EPA Responds to Environmentalists' Call for Stronger Pollution Limit to Protect Chesapeake Bay

Victory

Agency proposes tighter pollution permit for region's largest sewage plant

Contacts

David Baron / Jennifer Chavez, Earthjustice, (202) 667-4500 

In response to pressure from conservation groups and others, the Environmental Protection Agency has proposed stronger limits on pollution from the area’s largest sewage plant that threatens the Chesapeake Bay. The proposal dramatically strengthens a much weaker permit proposed by the agency last August for the Blue Plains wastewater treatment plant in Southwest Washington. Earthjustice challenged the legality of the weaker permit in comments filed on behalf of Friends of the Earth and Sierra Club. The new proposal, issued late last week, sets tighter caps on nitrogen, a pollutant that contributes to oxygen depletion that leads to summertime "dead zones" in the bay.

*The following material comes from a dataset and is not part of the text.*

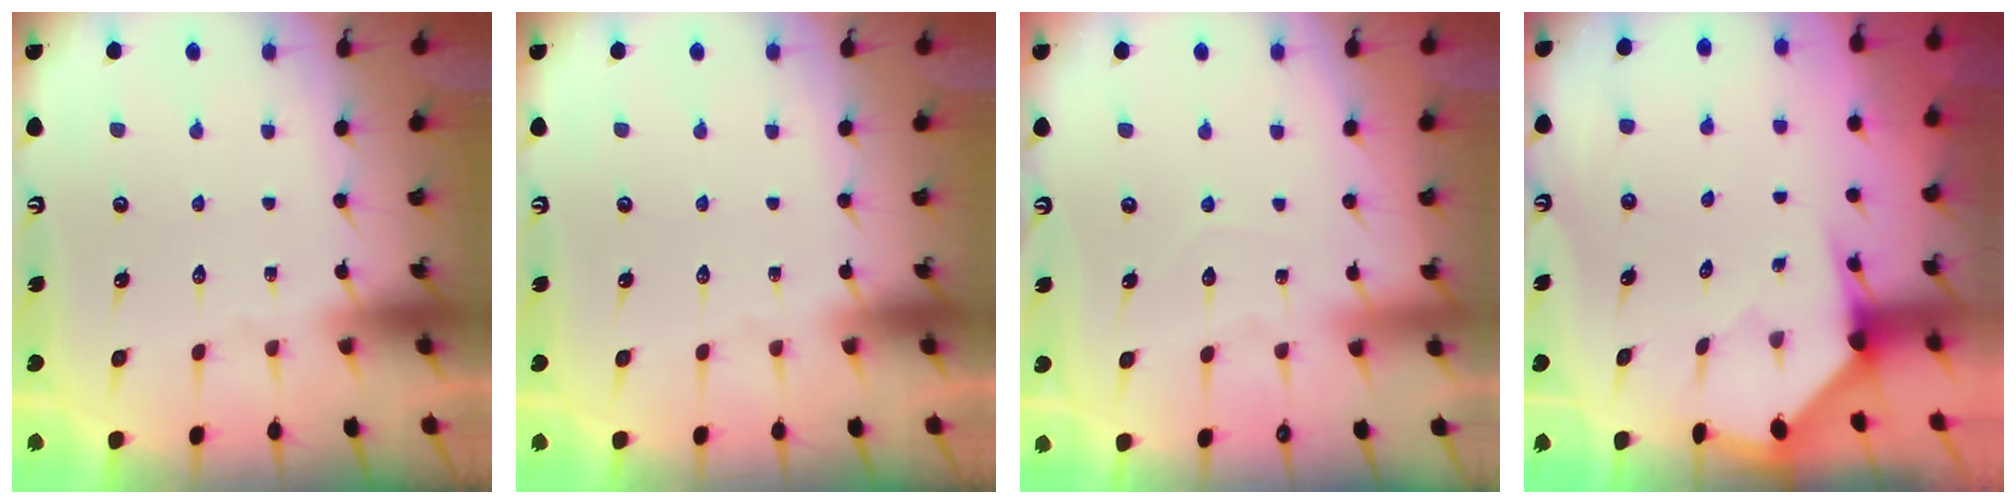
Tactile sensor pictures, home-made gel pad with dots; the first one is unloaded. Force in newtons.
{"total": 0.0}
{"total": 5.1, "press": 5.1, "slide": 0.5}
{"total": 3.2, "press": 3.1, "slide": 0.3}

"This action is a welcome step toward cleaner water and a healthier future for the Chesapeake Bay," said Earthjustice attorney David Baron. "The prior proposal violated legal requirements for cleaning up the bay. We called for stronger protections and EPA finally listened."

Blue Plains is the largest single point source of nitrogen in the Potomac basin. The revised permit proposal would limit nitrogen discharges from the plant to 4.689 million pounds per year, a marked reduction from the nearly 8.5 million pounds allowed under the prior proposal.

Nitrogen pollution leads to huge blooms of algae in the bay. When the algae die and begin decomposing, oxygen levels fall dangerously low, threatening fish and other aquatic life. During summer months, low dissolved oxygen levels in the Chesapeake lead to "dead zones" that stretch for miles. In July 2003, one of the largest "dead zones" surfaced since monitoring began 20 years ago, affecting approximately 40 percent of the bay’s main stem near Baltimore, and extending for more than 100 miles south.

The Chesapeake Bay Agreement commits the District and states in the bay region to achieve cleanup goals for the Bay by 2010.  Nitrogen caps on sewage plants like Blue Plains are part of the cleanup strategy.